Realmente queria que Liena ganhasse dele na batalha final. Fazer com que ela vença e se liberte de suas amarras psicológicas. Digo isso pois até agora, mesmo passando tanto tempo treinando junto com ela, jamais a vi dando um sorriso sincero, sempre com aquele semblante carregado.

Enquanto seguia com essas dúvidas no meu coração, observava Uolo parado no outro lado da arena checando a lâmina de sua querida espada.

“Kirito!”

A voz de Liena veio de trás de mim, interrompendo a tempestade de pensamentos em que estava.

Me virei e vi a segunda melhor espadachim me olhando diretamente com aquele olhos azuis penetrantes. Ela se aproximou e sussurrou com uma voz firme:

“Acredito em sua força, Kirito. E por confiar completamente em você que contarei isso. A família Levanteinn que tem a tradição de formar os melhores cavaleiros do império tem uma herança perigosa, uma crença chamada: ‘A espada que bebe o sangue dos fortes, toma o poder para si’.”

“…Sangue? Sério isso?”

Sortiliena confirmou em resposta.

“Sim, Uolo provavelmente já passou por vários duelos de primeiro golpe em sua terra natal muito antes de entrar para essa academia. A sua experiência, possivelmente, é muitas vezes superior à sua. Sem contar no poder daquela poderosa espada…

Acredito, vendo-o tão ávido em lutar com você, que ele quer o seu sangue fresco sendo derramado por sua espada, que o vê como uma presa digna, pronta para ser abatida e absorvida…”

Essas foram palavras difíceis de serem entendidas imediatamente, mas tentei fazer correlação com coisas que eu já vivi e apenas respondi enquanto assentia com a cabeça.

“Sim, entendi!”

Essa revelação vem de encontro com minhas suposições. Tudo isso era devido ao ‘poder da imaginação’.

Era o mesmo caso dos espadachins da família Serlut, que acabavam se prendendo ao pensamento de que o ‘Estilo Serlut era inferior porque seu estilo principal e mais forte estava proibido de ser passado para as próximas gerações’.
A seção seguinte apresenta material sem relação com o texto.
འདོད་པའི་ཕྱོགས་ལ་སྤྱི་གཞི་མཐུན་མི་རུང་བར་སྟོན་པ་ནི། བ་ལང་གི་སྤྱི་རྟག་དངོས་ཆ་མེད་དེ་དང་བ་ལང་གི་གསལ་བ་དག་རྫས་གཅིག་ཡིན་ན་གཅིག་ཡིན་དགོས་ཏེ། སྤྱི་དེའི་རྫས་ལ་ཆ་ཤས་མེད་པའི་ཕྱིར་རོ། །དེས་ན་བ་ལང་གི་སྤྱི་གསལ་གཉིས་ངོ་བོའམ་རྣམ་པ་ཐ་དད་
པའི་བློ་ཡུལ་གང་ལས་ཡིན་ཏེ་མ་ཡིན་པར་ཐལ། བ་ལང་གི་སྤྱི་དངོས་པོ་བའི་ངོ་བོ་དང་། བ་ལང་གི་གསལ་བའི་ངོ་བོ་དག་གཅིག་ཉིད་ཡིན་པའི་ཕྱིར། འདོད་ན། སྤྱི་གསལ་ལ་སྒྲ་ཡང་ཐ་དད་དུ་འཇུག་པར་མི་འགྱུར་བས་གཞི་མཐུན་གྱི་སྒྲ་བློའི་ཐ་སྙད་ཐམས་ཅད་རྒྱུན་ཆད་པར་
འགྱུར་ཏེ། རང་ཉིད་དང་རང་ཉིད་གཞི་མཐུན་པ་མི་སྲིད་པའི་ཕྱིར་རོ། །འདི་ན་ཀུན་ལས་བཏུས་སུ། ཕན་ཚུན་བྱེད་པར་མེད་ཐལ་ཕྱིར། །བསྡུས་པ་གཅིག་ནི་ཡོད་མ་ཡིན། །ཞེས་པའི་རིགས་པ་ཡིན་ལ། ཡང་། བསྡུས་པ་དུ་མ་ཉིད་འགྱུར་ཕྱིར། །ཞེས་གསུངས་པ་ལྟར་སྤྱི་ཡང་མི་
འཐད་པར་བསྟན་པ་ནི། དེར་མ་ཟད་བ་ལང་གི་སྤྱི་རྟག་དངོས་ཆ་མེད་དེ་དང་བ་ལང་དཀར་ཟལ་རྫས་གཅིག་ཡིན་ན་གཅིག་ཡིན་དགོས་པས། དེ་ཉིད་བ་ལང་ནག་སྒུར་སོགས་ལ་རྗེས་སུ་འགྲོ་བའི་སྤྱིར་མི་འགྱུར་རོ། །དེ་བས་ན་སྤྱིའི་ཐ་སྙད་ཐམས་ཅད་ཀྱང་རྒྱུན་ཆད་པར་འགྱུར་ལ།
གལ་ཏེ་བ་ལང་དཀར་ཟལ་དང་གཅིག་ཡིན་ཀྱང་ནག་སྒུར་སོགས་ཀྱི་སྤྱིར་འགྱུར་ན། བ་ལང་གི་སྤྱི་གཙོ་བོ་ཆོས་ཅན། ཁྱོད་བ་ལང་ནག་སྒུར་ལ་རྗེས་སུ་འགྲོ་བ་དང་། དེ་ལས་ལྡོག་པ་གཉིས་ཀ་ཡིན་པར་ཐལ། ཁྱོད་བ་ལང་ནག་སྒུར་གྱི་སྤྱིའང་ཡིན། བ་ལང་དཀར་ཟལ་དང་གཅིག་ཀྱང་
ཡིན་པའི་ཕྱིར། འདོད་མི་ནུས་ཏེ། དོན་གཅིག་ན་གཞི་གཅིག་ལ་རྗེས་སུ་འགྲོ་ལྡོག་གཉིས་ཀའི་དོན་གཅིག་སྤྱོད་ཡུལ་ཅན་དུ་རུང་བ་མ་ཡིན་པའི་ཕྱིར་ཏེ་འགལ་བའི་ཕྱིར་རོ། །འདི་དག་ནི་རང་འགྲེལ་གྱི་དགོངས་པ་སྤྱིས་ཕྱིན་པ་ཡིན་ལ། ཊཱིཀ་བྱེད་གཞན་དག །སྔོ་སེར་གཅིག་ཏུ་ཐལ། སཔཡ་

Em contraste com a crença da família Levanteinn, que sua imaginação ditava que ‘quanto mais espadas poderosas dos inimigos fossem sangradas e devoradas, mais fortes se tornariam’. Isso é o ponto principal por Uolo ser tão forte.

Provavelmente ele viu a energia desprendida dos meus golpes consecutivos lá naquele bosque e deduziu a prioridade de minha espada negra e isso fez com que considerasse que eu era um oponente que valia a pena deixar sua espada devorar, absorvendo meu sangue.
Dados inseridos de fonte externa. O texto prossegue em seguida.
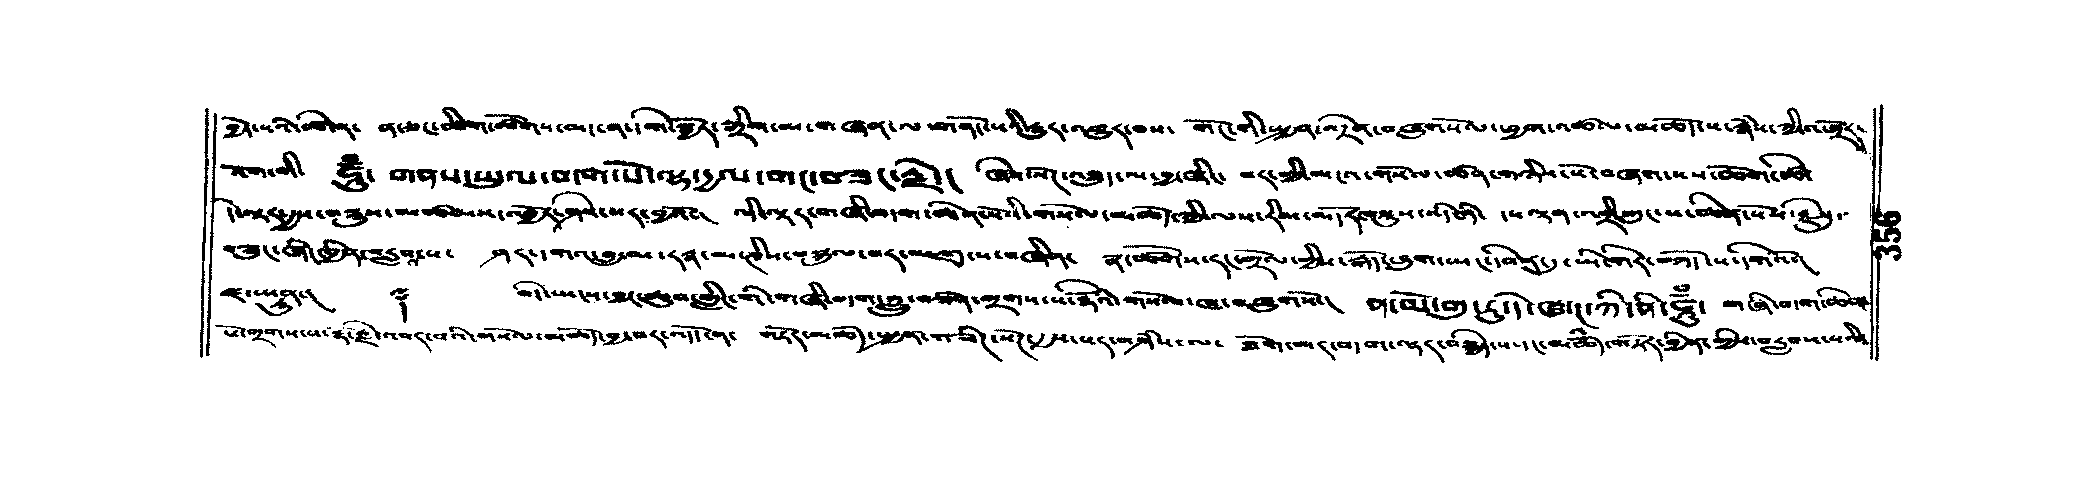བྱེད་པའི་ཚེ་ན། ཧ་ཅང་ཚིགས་་ཚོགས་མང་ན་དགེ་སྦྱོར་སྒྲིག་མ་གཞན་ལ་གནོད་པའི་རྒྱུར་འགྱུར་བས། གོང་གི་སྤྱན་བཞུགས་གསོལ་ཕྱག་འཚལ་མཆོད་པ་རྣམས་ཀྱི་འཕྲོར་
འོག་གི་ཧཱུྂ། གནས་ཡུལ་བདག་པོ་ལྷ་རྒྱལ་གང་བཟང་རྗེ། ཞེས་སོགས་འཐུད་ལ་བྱ་ཞིང་། བར་གྱི་མངའ་གསོལ་ཚན་གཉིས་པོ་བཞག་པས་ཅོག་ཚེ། 
དེ་ལྟར་རྒྱས་བསྡུས་མཚམས་འབྱོར་ཤེས་པར་བྱའོ། འདི་ལྟར་གཞི་བདག་ཆེན་པོའི་གསོལ་མཆོད་ཀྱི་ལས་རིམ་མདོར་བསྡུས་འདི་ཉིད། དཔལ་ལྡན་འབྲི་གུང་ས་ཆེན་ཆེན་པོས་རྗེས་སུ་
བཟུང་ཞིང་བྱིན་བརླབ་པ། ཤར་དགའ་བླ་མ་རཏྣ་མ་ཎིས་བསྐུལ་བར་མཛད་པ་བཞིན། སྣ་ཚོགས་རང་གྲོལ་གྱིས་རྒོད་ཕུག་ཡང་དབེན་དུ་ཡི་གེར་བཀོད་པ་དགེའོ། 
ཛ་ཡནྟུ། ༈ བདེ་ཡངས་བྱང་ཆུབ་གླིང་གི་གཞི་བདག་གླུ་བཙན་གྲགས་པ་རྡོ་རྗེའི་གསོལ་ཁ་བཞུགས་སོ། ན་མོ་གུ་རུ་དེ་ཝ་ཌཱ་ཀི་ནི་ཧཱུྂ། གཞི་བདག་ཆེན་
པོ་གྲགས་པ་རྡོ་རྗེ་འབར་བའི་མཆོད་བྱ་བར་འདོད་ན། གཏོར་མཆོད་སྤྱན་གཟིགས་སོགས་རྒྱས་པར་བཤམས་ལ། ཐོག་མར་བདག་ལྷར་བསྐྱེད་པ་དང་མཆོད་གཏོར་བྱིན་གྱིས་བརླབ་པའི་

Podia até soar bonito, mas na verdade eu não passava de gado que merecia ser abatido…

Em outras palavras, se eu recebesse um golpe nesse duelo e sangrasse, a imaginação de Uolo iria se ativar e ele se tornaria muito mais forte. Para ser honesto, a probabilidade disso acontecer era muito alta.

Assim sendo, não podia permitir ajudar o inimigo antes da batalha final com Liena. Agora me arrependi um pouco de não trocar as regras para aquela de a luta terminar quando o oponente fosse encurralado. Dessa forma, não levaria nenhum golpe e estaria tudo bem… Mas já foi, agora é encarar essa.

Minha senpai colocou suas mãos em meus ombros que se encurvaram inconscientemente e disse:

“Não direi isso novamente. Acredito em ti e creio que não é um espadachim qualquer e que irá cumprir com suas promessas, não é verdade?”

“Promessa?”

Repeti a palavra enquanto concordava com a cabeça.

“Sim, te prometi que mostraria tudo o que sabia e é o que farei.”

“Está bem. As condições podem ser um pouco diferente agora, mas não muda o objetivo. Está na hora, Kirito. Mostre todo o seu poder que sei que está aí dentro e derrote Uolo Levanteinn!”

No momento em que escutei isso, todas as dúvidas que tinha desapareceram.

O medo de relegar minha senpai à uma prisão de auto piedade ao derrotar Uolo em combate em seu lugar ou talvez a transformá-la em um inimigo em virtude disso quase me fizeram agir como um covarde e manchar todo seu orgulho e esse não era o tipo de presente de despedida que ela merecia.

Nesse instante, a minha gratidão para àquela pessoa só aumentou, mas ao invés de lhe agradecer com palavras, faria de outra maneira.

Tudo que tenho que fazer nesse momento é pegar minha espada e depositar toda minha alma em sua lâmina e lutar com tudo que tenho. Pois desde o início, esse sempre foi meu objetivo número um. Sou um espadachim acima de tudo.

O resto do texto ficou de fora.